Holding JBS ADR as an investment has been a failure and has not returned any positive returns to its shareholders in the past five years having had 1.24% total losses compared to 15% total gains by the Standard & Poor's 500 index (Morningstar data).

Brought by recent political turmoil, JBSÂ ADR has provided 27% total losses so far this year compared to the S&P 500’s 6.12% total gains.

Valuations

JBS is undervalued compared to industry figures. The company had a trailing price-earnings (P/E) ratio of 7.3 times vs. the industry figure of 22.3 times, a price-book (P/B) ratio of 1.07 times vs. 3.3 times and a price-sales (P/S) ratio of 0.16 times vs. 1.87 times (Reuters data).

JBS also had a trailing dividend yield of 0.35% with a 252% payout ratio.

Average 2017 sales and earnings per share indicated forward multiples of 0.13 times and 6.2 times.

JBA SA

JBS SA is headquartered in Brazil and is a food company with more than 60 years of tradition and a global leader in the processing of animal protein. JBS’s operational structure includes beef, pork, lamb, poultry and hides/leather processing facilities in addition to feedlots.

Besides its Food business, JBS also conducts business concerning hygiene and personal care products, collagen, can making, sausage casings, biodiesel, carrier, waste management and recycling.

In 2016, 68% of JBS revenue came from the U.S., followed by 27% from South America and other countries. Also, there are no revenues arising out of transactions with any single customer that represents 5% or more of JBS’s total revenues.

JBS has divided its business in four units: Beef, Chicken, Pork and Others.

Beef

The Beef segment operates slaughter facilities, cold storage and meat processing operations for the production of beef preservatives, fat, feed and derivate products having locations in Brazil, the U.S., Canada, Australia, Argentina, Uruguay and Paraguay.

In the first quarter sales in the Beef segments fell by 14% to 21.1 billion reals – 56% and largest composition of JBS sales – and delivered an operating margin of 0.4% vs. -2.7% (losses) in the previous year period.

Chicken

The Chicken segment consists of the production and sale of fresh products, chilled as a whole or in pieces, whose operations are located in the U.S., Mexico, the U.K. and Brazil, and sold to restaurant chains, food processors, distributors, supermarkets, wholesale and other retail distributors and also exported to countries in Europe, Asia and other international markets.
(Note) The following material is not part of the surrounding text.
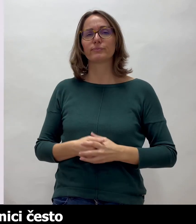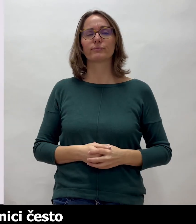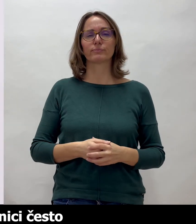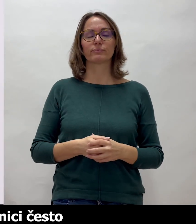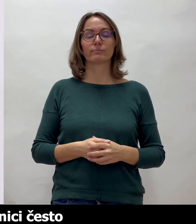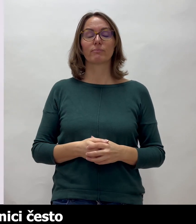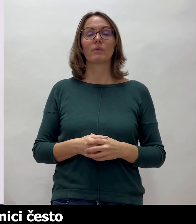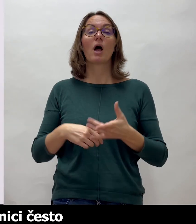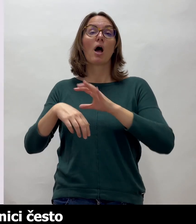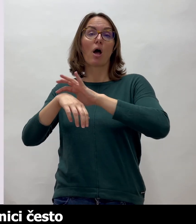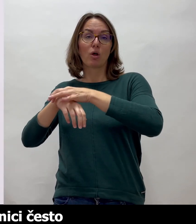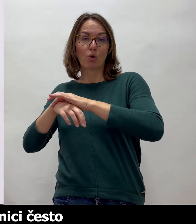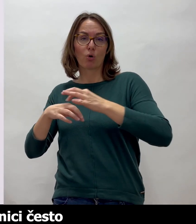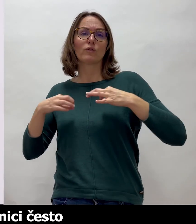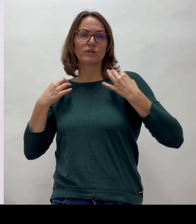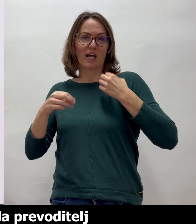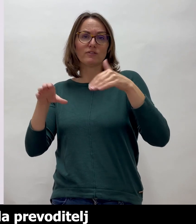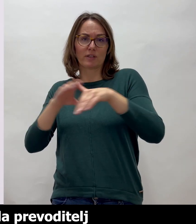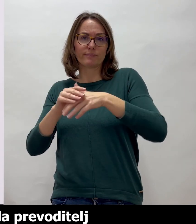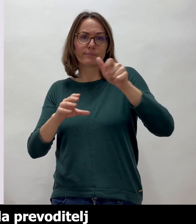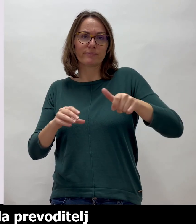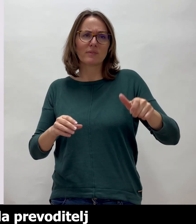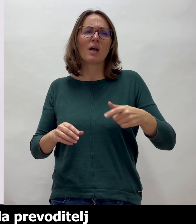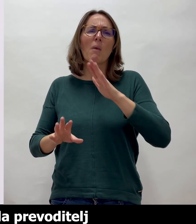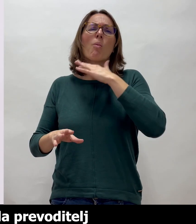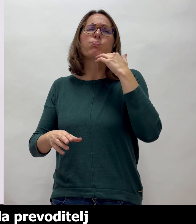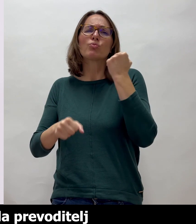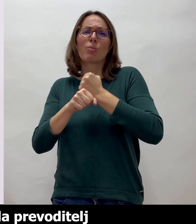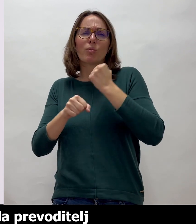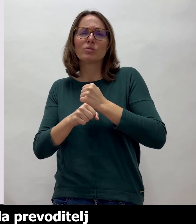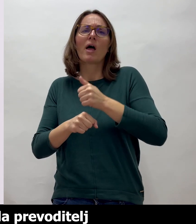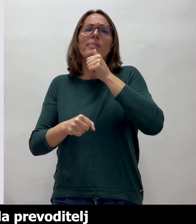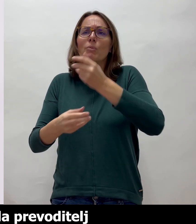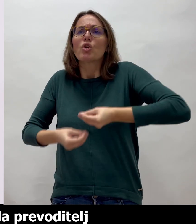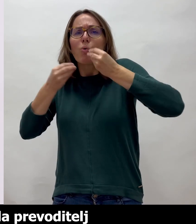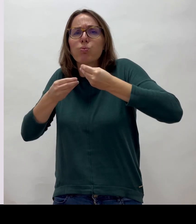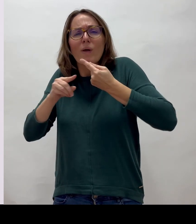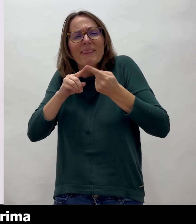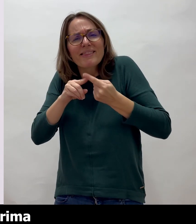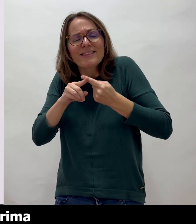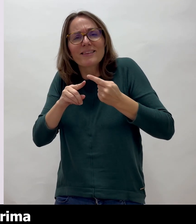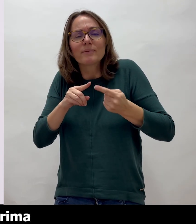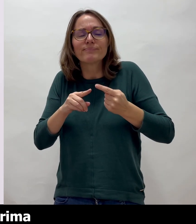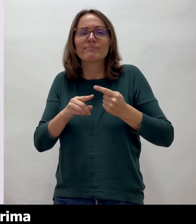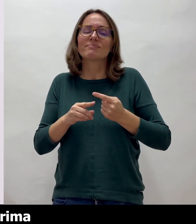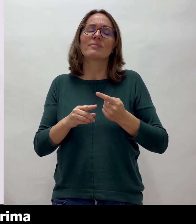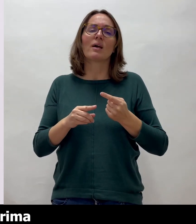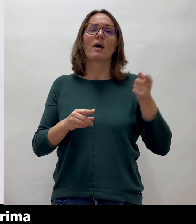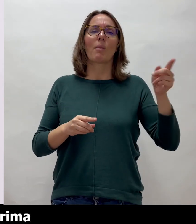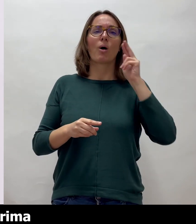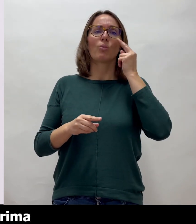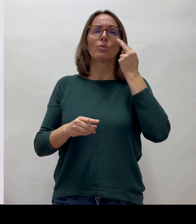Zdravstveni radnici često ne mogu odvojiti dovoljno vremena da prevoditelj prenese sve informacije, pa Marija prima

In the first quarter sales in the Chicken segment fell by 17.9% to 9.4 billion reals (25% of total sales) and delivered an operating margin of 5.2% vs. 8.3% in first-quarter 2016.

Pork

The Pork segment operations consist of slaughter facilities, processing, cold storage of pork meat, deliveries of fresh meat and the manufacturing of products and subproducts derived from pork meat. Production facilities are in Brazil and the U.S., with sales to the U.S. domestic market as well as foreign markets. The products also include case ready fresh meat.

In the first quarter sales in the Pork segment fell by 7.7% to 4.8 billion reals (13% of total sales) and an operating margin of 9.7% vs. 5.5% in first-quarter 2016.

Others

In the first quarter sales from Others fell by 15.2% to 2.35 billion reals and operating margin of 2% vs. 14.5% in the same period last year.

Sales and profit averages

Overall, JBS had a three-year sales growth average of 22.4%, a profit decline average of 26% and a profit margin average of 1.6% (Morningstar data).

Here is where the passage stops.